**Your instructions**
Would you please reproduce all the entries exactly, leaving the pictures out?

(Records drawn from a dataset)
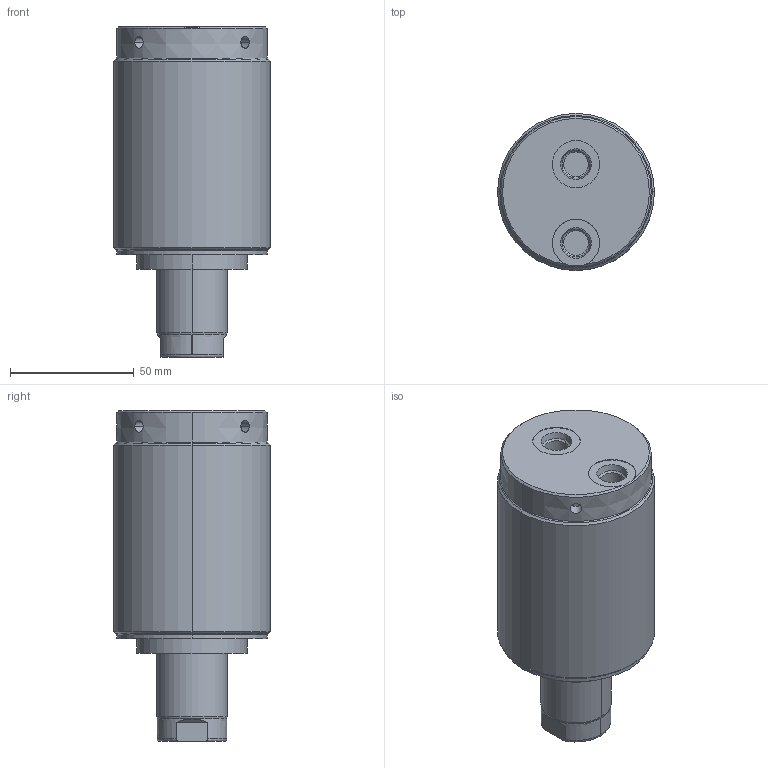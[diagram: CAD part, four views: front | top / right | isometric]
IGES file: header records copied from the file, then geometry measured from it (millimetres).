
Start section:  PTC IGES file: ilc20021502.igs
Global section: file name: ilc20021502.igs; native system: Creo Parametric by Parametric Technology Corporation; preprocessor: 2013320; author: jdw; organization: Unknown; date: 20140602.075044; units: inch
Bounding box: 63.25 x 63.25 x 133.48 mm (x, y, z)
Surface area: 45095.5 mm2 (no closed solid volume)
Topology: 0 solids, 0 shells, 71 faces, 296 edges, 296 vertices
Faces by surface type: revolution 53, bspline 18

**Solution to this task**
[diagram: CAD part, four views: front | top / right | isometric]
IGES file: header records copied from the file, then geometry measured from it (millimetres).
Start section:  PTC IGES file: ilc20021502.igs
Global section: file name: ilc20021502.igs; native system: Creo Parametric by Parametric Technology Corporation; preprocessor: 2013320; author: jdw; organization: Unknown; date: 20140602.075044; units: inch
Bounding box: 63.25 x 63.25 x 133.48 mm (x, y, z)
Surface area: 45095.5 mm2 (no closed solid volume)
Topology: 0 solids, 0 shells, 71 faces, 296 edges, 296 vertices
Faces by surface type: revolution 53, bspline 18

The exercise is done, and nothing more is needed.